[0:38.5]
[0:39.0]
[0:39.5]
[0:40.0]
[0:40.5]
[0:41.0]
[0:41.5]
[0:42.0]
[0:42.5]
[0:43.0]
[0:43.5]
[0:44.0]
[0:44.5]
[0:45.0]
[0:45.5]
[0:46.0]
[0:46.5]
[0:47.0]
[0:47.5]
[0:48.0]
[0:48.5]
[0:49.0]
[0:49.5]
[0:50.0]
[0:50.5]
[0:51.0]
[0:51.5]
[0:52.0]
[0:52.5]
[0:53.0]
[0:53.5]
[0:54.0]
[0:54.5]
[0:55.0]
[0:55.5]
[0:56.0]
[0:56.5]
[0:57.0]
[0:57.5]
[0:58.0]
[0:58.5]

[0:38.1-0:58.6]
________________
Every line of the material is to be transcribed exactly.

[0:38.5]
[0:39.0]
[0:39.5]
[0:40.0]
[0:40.5]
[0:41.0]
[0:41.5]
[0:42.0]
[0:42.5]
[0:43.0]
[0:43.5]
[0:44.0]
[0:44.5]
[0:45.0]
[0:45.5]
[0:46.0]
[0:46.5]
[0:47.0]
[0:47.5]
[0:48.0]
[0:48.5]
[0:49.0]
[0:49.5]
[0:50.0]
[0:50.5]
[0:51.0]
[0:51.5]
[0:52.0]
[0:52.5]
[0:53.0]
[0:53.5]
[0:54.0]
[0:54.5]
[0:55.0]
[0:55.5]
[0:56.0]
[0:56.5]
[0:57.0]
[0:57.5]
[0:58.0]
[0:58.5]

[0:38.1-0:58.6]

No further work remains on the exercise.